Exercise objective –
Look through the material below and return every line that contains "Rectangle".

Input data –
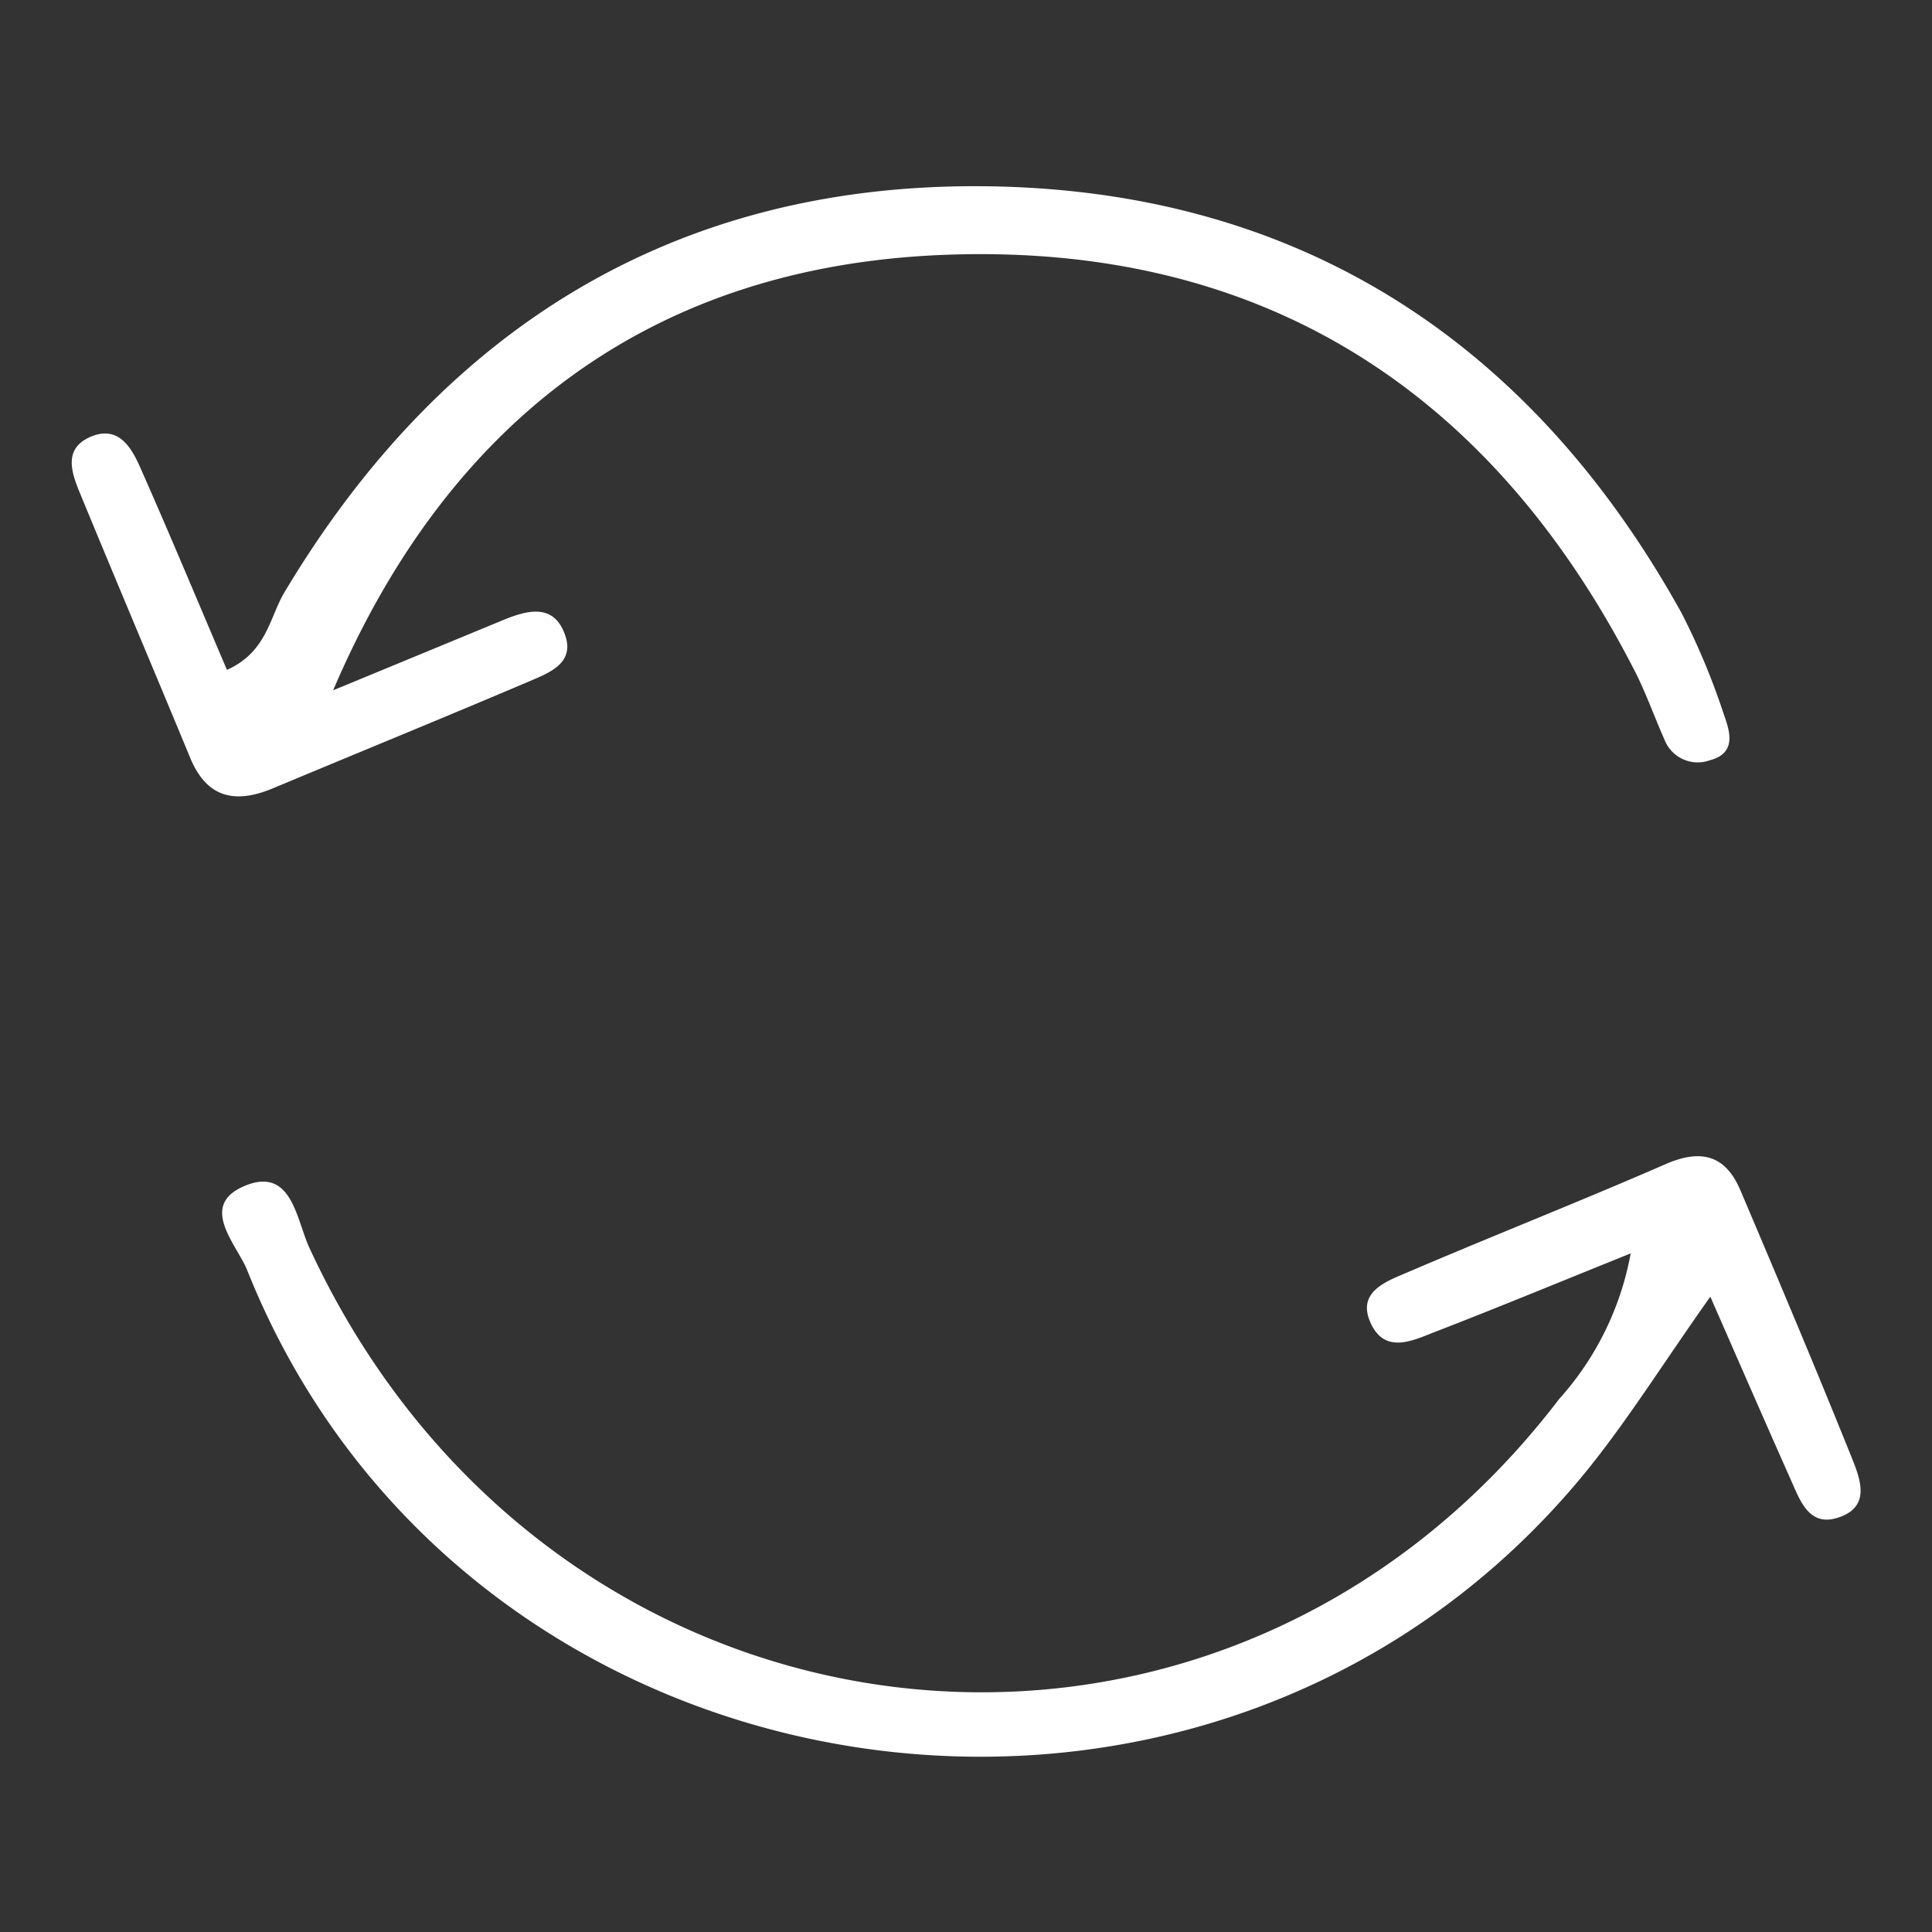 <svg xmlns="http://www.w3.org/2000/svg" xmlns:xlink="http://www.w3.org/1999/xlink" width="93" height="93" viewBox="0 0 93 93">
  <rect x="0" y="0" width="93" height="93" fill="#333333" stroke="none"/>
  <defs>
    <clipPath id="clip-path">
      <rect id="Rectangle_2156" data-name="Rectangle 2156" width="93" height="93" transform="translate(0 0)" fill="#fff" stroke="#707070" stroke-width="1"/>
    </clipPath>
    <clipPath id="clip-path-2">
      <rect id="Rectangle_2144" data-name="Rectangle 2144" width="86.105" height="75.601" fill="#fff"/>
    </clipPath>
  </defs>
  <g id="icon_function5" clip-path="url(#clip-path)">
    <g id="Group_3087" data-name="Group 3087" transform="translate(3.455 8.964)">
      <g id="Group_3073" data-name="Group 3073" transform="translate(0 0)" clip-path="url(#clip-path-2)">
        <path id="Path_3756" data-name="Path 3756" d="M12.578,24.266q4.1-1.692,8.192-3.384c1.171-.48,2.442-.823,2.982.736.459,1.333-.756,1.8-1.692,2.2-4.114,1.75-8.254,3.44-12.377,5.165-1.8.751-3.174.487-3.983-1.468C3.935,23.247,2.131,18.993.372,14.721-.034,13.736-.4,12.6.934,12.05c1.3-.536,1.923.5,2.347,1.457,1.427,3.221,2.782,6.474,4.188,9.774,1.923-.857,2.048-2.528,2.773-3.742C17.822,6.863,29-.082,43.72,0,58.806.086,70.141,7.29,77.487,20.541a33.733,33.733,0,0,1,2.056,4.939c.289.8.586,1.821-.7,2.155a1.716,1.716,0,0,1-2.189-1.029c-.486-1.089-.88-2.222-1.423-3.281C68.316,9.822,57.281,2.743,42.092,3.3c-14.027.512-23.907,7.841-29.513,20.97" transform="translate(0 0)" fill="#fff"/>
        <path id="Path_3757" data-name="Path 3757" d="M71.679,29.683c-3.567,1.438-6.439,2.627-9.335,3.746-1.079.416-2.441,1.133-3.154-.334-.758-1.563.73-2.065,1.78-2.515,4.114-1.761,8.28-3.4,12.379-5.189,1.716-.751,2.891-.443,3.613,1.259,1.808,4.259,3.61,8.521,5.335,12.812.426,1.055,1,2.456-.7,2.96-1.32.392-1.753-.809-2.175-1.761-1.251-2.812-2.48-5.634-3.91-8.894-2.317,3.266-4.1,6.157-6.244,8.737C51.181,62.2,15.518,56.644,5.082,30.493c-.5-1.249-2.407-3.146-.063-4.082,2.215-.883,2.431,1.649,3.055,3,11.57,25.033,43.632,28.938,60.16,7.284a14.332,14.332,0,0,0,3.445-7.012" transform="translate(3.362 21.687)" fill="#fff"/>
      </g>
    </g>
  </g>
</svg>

* * *

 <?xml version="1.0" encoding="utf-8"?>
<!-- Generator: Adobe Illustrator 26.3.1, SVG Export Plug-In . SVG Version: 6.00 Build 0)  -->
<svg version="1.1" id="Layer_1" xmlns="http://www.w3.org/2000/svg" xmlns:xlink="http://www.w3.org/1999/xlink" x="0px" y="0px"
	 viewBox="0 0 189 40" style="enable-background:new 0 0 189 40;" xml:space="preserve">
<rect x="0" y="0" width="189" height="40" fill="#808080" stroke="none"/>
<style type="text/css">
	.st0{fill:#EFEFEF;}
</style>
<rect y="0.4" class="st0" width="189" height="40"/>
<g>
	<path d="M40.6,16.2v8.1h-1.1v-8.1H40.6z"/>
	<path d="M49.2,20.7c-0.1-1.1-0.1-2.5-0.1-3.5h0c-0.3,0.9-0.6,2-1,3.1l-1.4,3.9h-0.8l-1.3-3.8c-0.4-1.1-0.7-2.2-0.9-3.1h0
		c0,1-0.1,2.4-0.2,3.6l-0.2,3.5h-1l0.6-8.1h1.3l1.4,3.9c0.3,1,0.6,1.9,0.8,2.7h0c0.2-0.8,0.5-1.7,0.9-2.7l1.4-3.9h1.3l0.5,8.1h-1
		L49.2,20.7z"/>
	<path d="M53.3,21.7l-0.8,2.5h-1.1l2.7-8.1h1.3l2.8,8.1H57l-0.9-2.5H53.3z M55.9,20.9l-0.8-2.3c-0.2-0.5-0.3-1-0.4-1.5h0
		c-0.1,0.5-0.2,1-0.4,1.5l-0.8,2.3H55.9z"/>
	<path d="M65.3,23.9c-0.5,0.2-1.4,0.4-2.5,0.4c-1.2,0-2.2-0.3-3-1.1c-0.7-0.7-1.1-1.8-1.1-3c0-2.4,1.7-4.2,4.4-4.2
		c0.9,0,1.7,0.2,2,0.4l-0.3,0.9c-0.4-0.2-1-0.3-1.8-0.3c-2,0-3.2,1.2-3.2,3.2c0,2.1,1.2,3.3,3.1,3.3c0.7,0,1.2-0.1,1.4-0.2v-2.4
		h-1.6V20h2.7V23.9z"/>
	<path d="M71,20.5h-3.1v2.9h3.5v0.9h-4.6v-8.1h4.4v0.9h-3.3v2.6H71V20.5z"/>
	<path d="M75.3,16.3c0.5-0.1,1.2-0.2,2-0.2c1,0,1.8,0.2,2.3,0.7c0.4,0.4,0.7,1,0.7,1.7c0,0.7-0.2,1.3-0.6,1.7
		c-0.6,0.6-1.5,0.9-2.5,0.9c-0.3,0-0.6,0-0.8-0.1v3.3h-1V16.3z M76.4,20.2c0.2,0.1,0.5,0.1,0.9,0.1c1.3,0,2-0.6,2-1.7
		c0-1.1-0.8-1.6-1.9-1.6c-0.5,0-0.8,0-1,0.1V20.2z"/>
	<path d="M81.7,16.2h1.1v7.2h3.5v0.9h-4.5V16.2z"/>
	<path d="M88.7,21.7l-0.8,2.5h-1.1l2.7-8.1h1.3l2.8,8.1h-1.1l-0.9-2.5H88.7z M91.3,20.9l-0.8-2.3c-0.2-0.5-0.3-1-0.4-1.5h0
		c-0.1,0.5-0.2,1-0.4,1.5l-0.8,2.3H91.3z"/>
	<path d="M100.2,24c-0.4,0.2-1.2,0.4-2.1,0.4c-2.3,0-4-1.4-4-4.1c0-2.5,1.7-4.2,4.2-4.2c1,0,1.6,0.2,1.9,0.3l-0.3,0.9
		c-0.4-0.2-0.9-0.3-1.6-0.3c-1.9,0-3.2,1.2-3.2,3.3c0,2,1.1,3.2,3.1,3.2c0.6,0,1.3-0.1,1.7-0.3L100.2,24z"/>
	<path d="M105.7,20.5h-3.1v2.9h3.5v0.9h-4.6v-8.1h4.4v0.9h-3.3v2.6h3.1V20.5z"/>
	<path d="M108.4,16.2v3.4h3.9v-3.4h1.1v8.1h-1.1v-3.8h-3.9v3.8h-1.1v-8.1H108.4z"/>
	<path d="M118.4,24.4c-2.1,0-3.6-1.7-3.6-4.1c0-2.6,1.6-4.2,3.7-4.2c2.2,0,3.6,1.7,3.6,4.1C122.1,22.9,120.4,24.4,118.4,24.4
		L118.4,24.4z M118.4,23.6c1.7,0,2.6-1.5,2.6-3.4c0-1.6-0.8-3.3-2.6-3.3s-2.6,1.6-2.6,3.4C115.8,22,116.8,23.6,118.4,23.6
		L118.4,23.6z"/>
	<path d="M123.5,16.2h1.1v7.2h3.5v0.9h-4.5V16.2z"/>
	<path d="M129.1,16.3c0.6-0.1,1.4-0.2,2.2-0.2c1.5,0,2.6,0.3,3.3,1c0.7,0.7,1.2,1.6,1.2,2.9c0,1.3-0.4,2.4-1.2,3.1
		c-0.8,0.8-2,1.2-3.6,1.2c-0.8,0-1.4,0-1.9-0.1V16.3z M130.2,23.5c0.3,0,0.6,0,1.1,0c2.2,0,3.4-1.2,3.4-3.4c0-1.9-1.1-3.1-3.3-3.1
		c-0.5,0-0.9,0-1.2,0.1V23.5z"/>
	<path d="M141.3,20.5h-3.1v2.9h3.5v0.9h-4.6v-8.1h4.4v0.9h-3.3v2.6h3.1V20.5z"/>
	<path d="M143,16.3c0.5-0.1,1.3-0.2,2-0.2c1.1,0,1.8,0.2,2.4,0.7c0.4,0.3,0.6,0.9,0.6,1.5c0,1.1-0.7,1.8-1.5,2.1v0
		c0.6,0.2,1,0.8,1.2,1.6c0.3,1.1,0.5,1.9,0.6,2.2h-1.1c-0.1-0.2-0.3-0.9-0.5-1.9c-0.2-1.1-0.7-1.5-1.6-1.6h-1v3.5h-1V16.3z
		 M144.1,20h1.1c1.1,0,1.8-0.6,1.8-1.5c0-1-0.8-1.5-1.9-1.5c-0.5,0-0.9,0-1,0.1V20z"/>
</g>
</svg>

Written solution –
      <rect id="Rectangle_2156" data-name="Rectangle 2156" width="93" height="93" transform="translate(0 0)" fill="#fff" stroke="#707070" stroke-width="1"/>
      <rect id="Rectangle_2144" data-name="Rectangle 2144" width="86.105" height="75.601" fill="#fff"/>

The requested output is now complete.